Area: 1,068,302 sq mi (2,766,890 sq km) / WorldRank: 9
Location: Southern and Western Hemispheres, in the southern region of the South American continent;
bordered by Bolivia and Paraguay on the north; Brazil, Uruguay, and the South Atlantic Ocean on the east; and Chile on the south and west.
Coordinates: 34°00′S, 64°00′W
Borders: 6,006 mi (9,665 km) / Bolivia, 517 mi (832km); Brazil, 761 mi (1,224 km); Chile, 3,200 mi (5,150
km); Paraguay, 1,168 mi (1,880 km); Uruguay, 360 mil (579 km)
Coastline: 3,100 mi (4,989 km)
Territorial Seas: 12 NM
Highest Point: Cerro Aconcagua, 22,835 ft (6,960 m)
Lowest Point: Salinas Chicas, 131 ft (40 m) below see level
Longest Distances: 2,268 mi (3,650 km) N-S; 889 mil(1,430 km) E-W
Longest River: Paraná, 3,060 mi (4,900 km)
Largest Lake: Lago Buenos Aires, 860 sq mi (2,240 sq km)
Natural Hazards: Earthquakes, violent windstorms known as pamperos, periodic heavy flooding, volcanic activity
Population: 37,384,816 (July 2001 est.) / World Rank:31
Capital City: Buenos Aires, on the northernmost point of the Atlantic coast
Largest City: Buenos Aires, population 12,955,300 (2002 est.)
The region of Patagonia takes it name from the word pantagon, “big feet.” This name referred to the Tehuelche Indians who first entered the fertile plains wearing oversized boots.
Argentina is the eighth largest country in the world.
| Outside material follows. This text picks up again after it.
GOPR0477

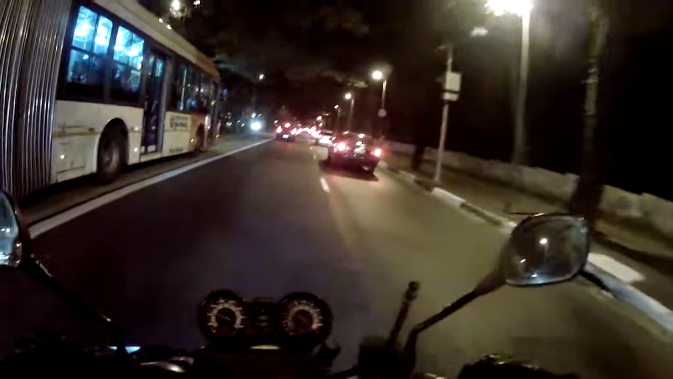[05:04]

The terrain varies dramatically across the country’s different regions, as both altitude and latitude play a major role in Argentina’s geography. The country’s four major physiographic provinces are the Andean region, the lowland North, the central Pampas, and Patagonia. Patagonia includes Tierra del Fuego, the southernmost point of the South American continent, shared by Argentina and Chile.
The Andean region makes up 30 percent of Argentina. Home to the Western Hemisphere’s highest point, Cerro Aconcagua, the Andes Mountains are broad and lofty in the north, and narrower and progressively lower in the south. This area also contains half of the Lake District (the other half is in Chile)
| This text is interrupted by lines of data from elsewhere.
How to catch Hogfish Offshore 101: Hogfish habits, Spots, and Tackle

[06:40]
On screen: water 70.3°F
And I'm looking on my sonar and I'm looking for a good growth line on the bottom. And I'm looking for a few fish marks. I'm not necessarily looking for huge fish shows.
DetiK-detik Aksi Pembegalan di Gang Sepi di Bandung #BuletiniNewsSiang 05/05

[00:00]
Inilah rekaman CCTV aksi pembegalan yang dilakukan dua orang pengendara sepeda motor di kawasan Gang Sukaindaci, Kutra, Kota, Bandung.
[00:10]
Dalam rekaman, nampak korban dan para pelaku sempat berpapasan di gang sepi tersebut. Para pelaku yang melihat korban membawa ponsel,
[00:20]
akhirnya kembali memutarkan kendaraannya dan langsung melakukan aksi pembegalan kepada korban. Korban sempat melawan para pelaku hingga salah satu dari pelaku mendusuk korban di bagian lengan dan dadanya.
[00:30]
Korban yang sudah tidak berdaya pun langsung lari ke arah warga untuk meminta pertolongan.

THE COAST, ISLANDS, AND THE OCEAN
Oceans and Seas
The Atlantic Ocean comprises Argentina’s eastern border. Argentina has one of the largest ports on the Atlantic Ocean in Buenos Aires. The area of the South Atlantic around the Valdés Peninsula is home to one of the world’s largest concentrations of the Atlantic Right Whale (Eubalaena glacialis). The Argentine coast is also known for being home to the Magellanic Penguins.
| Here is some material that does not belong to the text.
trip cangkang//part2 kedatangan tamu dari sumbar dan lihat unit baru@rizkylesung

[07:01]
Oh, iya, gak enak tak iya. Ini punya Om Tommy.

Argentina shares the offshore island territory of Tierra del Fuego with Chile, and also owns Isla de los Estados, separated from Tierra del Fuego by the Strait of Le Maire. Argentina claims the Falkland Islands (Islas Malvinas), a large archipelago to the southeast of the country that is under the control of the United Kingdom.
CLIMATE AND VEGETATION
Argentina’s climate ranges from subtropical in thenorth to humid in the central regions, to subantarctic in the south. The average temperatures for the summer months—January, February, and March—are highs of 75° to 95°F (24° to 35°C) and lows of 60° to 75°F (16° to 24°C), with January being the warmest month. The winter months, May through August, are the driest period of the year, and the coldest months are June and July. The average winter temperatures are highs of 58° to 65°F (15° to 8°C) and lows of 47° to 53°F (8° to 12°C). Climate variations are due the country’s range in altitude as well as latitude.